* AVAILABLE DATA
------------------------------------------------
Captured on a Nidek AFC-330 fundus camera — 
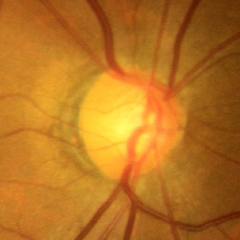

Glaucoma is present. Fundus image with findings of early glaucomatous optic neuropathy.
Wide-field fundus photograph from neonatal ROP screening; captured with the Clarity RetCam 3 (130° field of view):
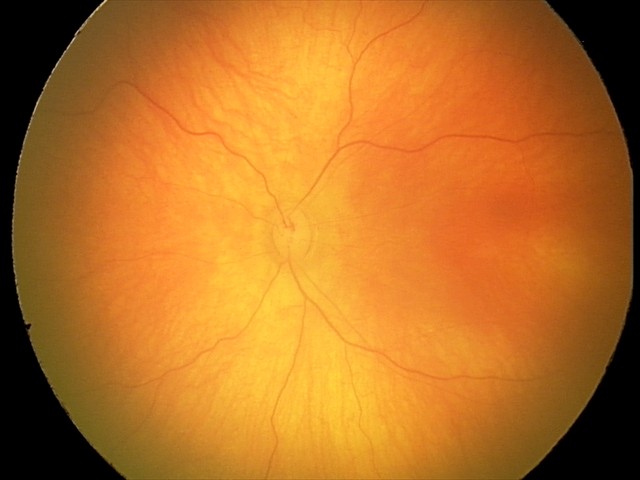 Screening examination with no abnormal retinal findings.
------------------------------------------------
* WHAT IS EXPECTED
Give back the material above exactly, with each picture removed.

* TASK RESULT
Captured on a Nidek AFC-330 fundus camera — 

Glaucoma is present. Fundus image with findings of early glaucomatous optic neuropathy.
Wide-field fundus photograph from neonatal ROP screening; captured with the Clarity RetCam 3 (130° field of view):
 Screening examination with no abnormal retinal findings.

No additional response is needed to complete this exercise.